LISTED RECORDS:
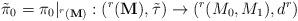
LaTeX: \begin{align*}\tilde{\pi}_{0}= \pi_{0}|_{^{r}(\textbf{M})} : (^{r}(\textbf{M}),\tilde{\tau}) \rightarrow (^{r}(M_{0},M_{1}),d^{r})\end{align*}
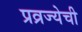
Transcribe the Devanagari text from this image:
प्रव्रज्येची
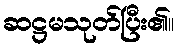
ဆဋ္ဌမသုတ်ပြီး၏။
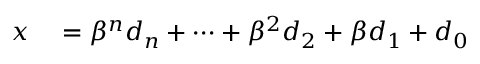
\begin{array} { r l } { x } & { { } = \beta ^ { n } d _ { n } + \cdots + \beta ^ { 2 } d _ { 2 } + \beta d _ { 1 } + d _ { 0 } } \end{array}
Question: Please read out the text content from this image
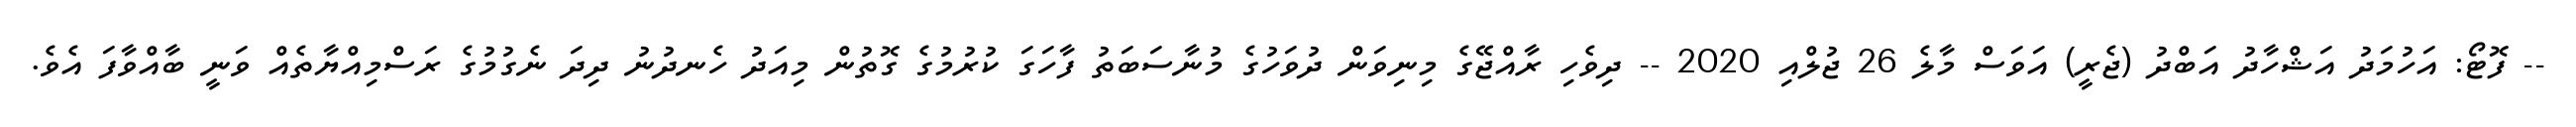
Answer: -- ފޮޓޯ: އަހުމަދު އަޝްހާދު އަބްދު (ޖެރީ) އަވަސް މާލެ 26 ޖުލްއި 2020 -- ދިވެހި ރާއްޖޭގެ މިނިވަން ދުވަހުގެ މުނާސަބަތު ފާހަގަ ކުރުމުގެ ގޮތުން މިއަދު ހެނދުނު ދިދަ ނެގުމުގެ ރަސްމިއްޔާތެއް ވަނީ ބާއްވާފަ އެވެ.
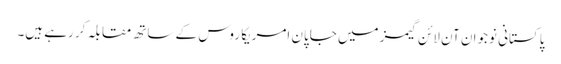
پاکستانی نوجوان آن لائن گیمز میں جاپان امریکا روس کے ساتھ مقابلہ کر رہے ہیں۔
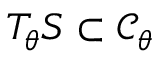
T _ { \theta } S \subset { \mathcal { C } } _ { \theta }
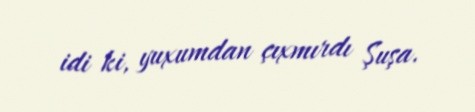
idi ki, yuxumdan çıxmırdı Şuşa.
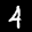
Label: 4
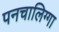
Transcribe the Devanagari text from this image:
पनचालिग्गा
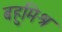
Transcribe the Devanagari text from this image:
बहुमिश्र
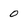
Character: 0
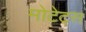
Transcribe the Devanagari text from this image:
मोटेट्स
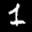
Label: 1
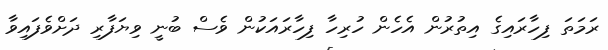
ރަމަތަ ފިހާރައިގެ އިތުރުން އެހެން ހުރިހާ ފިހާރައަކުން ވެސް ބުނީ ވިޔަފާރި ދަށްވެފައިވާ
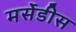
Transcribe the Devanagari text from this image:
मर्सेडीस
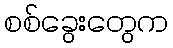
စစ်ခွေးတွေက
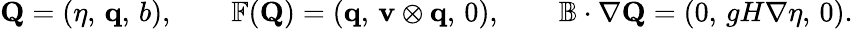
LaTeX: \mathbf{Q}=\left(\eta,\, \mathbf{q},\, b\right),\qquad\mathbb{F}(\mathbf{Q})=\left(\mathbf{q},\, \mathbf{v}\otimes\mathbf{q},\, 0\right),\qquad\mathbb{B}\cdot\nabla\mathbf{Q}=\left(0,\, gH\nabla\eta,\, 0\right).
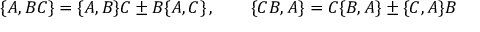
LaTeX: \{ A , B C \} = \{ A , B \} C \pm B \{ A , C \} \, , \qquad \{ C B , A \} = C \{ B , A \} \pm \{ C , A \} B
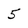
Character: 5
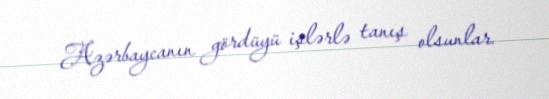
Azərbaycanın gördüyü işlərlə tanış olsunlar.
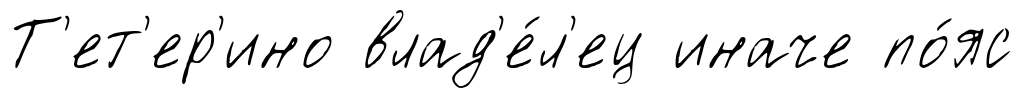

REQUIRED WORK:
What is needed is an exact repeat of the lines from the one containing "Answer: -- ފޮޓޯ: އަހުމަދު" through the last line of the records above, both included, with pictures left out.

RESULT:
Answer: -- ފޮޓޯ: އަހުމަދު އަޝްހާދު އަބްދު (ޖެރީ) އަވަސް މާލެ 26 ޖުލްއި 2020 -- ދިވެހި ރާއްޖޭގެ މިނިވަން ދުވަހުގެ މުނާސަބަތު ފާހަގަ ކުރުމުގެ ގޮތުން މިއަދު ހެނދުނު ދިދަ ނެގުމުގެ ރަސްމިއްޔާތެއް ވަނީ ބާއްވާފަ އެވެ.
پاکستانی نوجوان آن لائن گیمز میں جاپان امریکا روس کے ساتھ مقابلہ کر رہے ہیں۔
T _ { \theta } S \subset { \mathcal { C } } _ { \theta }
idi ki, yuxumdan çıxmırdı Şuşa.
Label: 4
Transcribe the Devanagari text from this image:
पनचालिग्गा
Transcribe the Devanagari text from this image:
बहुमिश्र
Character: 0
Transcribe the Devanagari text from this image:
मोटेट्स
Label: 1
ރަމަތަ ފިހާރައިގެ އިތުރުން އެހެން ހުރިހާ ފިހާރައަކުން ވެސް ބުނީ ވިޔަފާރި ދަށްވެފައިވާ
Transcribe the Devanagari text from this image:
मर्सेडीस
စစ်ခွေးတွေက
LaTeX: \mathbf{Q}=\left(\eta,\, \mathbf{q},\, b\right),\qquad\mathbb{F}(\mathbf{Q})=\left(\mathbf{q},\, \mathbf{v}\otimes\mathbf{q},\, 0\right),\qquad\mathbb{B}\cdot\nabla\mathbf{Q}=\left(0,\, gH\nabla\eta,\, 0\right).
LaTeX: \{ A , B C \} = \{ A , B \} C \pm B \{ A , C \} \, , \qquad \{ C B , A \} = C \{ B , A \} \pm \{ C , A \} B
Character: 5
Azərbaycanın gördüyü işlərlə tanış olsunlar.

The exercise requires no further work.